Origins of Takakazu/Bernoulli Numbers

As we saw last night, Jacob Bernoulli was neither the first one nor the only one to have discovered the numbers that have now come to have been named after him.

Oddly enough, just like in the case of Jacob Bernoulli, so in the case of Seki Takakazu, the numbers were published posthumously.

Seki Takakazu lived between 1642 and 1708 and thus he was a contemporary of Newton, Leibniz and Huygens.

Those days communications across continents was probably more difficult than sending messages across planets in the solar system would be today.

So to even contemplate that the Japanese mathematician would have plagiarized the works of Europeans would be a reflection of one’s ignorance of those times.  

Not only did Takakazu discover Bernoulli numbers independently but he worked on the subject of infinitesimal calculus as well that was totally new then.

It is so strange to me that there was such a great controversy between Newton and Leibniz regarding the invention of calculus but Takakazu finds almost no mention anywhere; it truly seems that there is no justice in history.    

Due to his many contributions to Japanese mathematics, Takakazu is often spoken to as “Japan’s Newton”.

Now let us what are these strange numbers that both Takakazu and Bernoulli discovered?

The question that perhaps is more pertinent to ask is not what these numbers are but rather from whence do these Bernoulli numbers have their origins from?
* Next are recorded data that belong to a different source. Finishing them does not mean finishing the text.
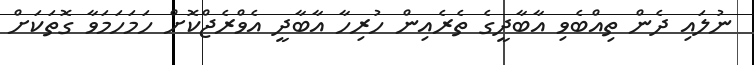
ނުލައި ދެން ތިއްބެވި އާބާދީގެ ތެރެއިން ހުރިހާ އާބާދީ އެވްރެޖްކޮށް ހަމަހަމަވާ ގޮތަކަށް
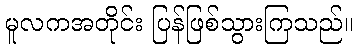
မူလကအတိုင်း ပြန်ဖြစ်သွားကြသည်။
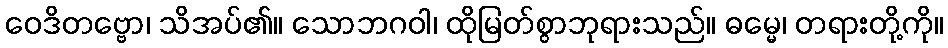
ဝေဒိတဗ္ဗော၊ သိအပ်၏။ သောဘဂဝါ၊ ထိုမြတ်စွာဘုရားသည်။ ဓမ္မေ၊ တရားတို့ကို။
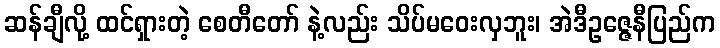
ဆန်ချီလို့ ထင်ရှားတဲ့ စေတီတော် နဲ့လည်း သိပ်မဝေးလှဘူး၊ အဲဒီဥဇ္ဇေနီပြည်က
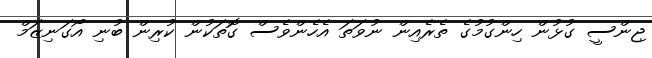
ޖިންސީ ގުޅުން ހިންގުމުގެ ތެރެއިން ނުވަތަ އެހެންވެސް ގޮތަކުން ކުރިން ބުނި އޯގަނިޒަމް
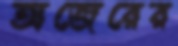
অজেরের
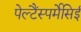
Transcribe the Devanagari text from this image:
पेल्टैंस्पर्मेसिई
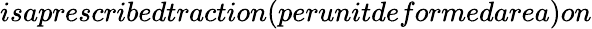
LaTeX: isaprescribedtraction(perunitdeformedarea)on
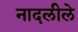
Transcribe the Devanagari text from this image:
नादलीले
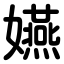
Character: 嬿
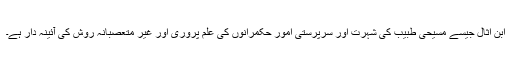
ابن اثال جیسے مسیحی طبیب کی شہرت اور سرپرستی امور حکمرانوں کی علم پروری اور غیر متعصبانہ روش کی آئینہ دار ہے۔
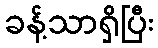
ခန့်သာရှိပြီး

Well, great mathematicians from time immemorial such as Pythagoras, Archimedes, Aryabhata, al-Karaji and al-Haytham had always wondered to the solutions of problems like these:

1 + 2 + 3 + 4 + 5 + …

1² + 2² + 3² + 4² + 5² + …  

1³ + 2³ + 3³ + 4³ + 5³ + …

In short, these problems relate to computation of sums of integer powers of which for a long time mathematicians could never arrive at a complete general formula.

These men who I mentioned had come up with descriptive “solutions” to some extent, but there was no known general formula even as late as 1600.

It was somewhere around 1600 that mathematicians in Europe such as Thomas Harriot of England, Johann Faulhaber (Faulhaber’s formula) of Germany, Pierre de Fermat and Blaise Pascal of France started to make some contributions to the solution to these problems.

It will be too big and unwanted a digression if I were to give you a brief description of the contribution made by each of them but as a demonstration, let me show you Faulhaber’s formula which is sometimes also known as Bernoulli’s formula.

Faulhaber’s formula is an interesting one and it is a great demonstration of the kind of thinking that goes inside the minds of mathematical brains.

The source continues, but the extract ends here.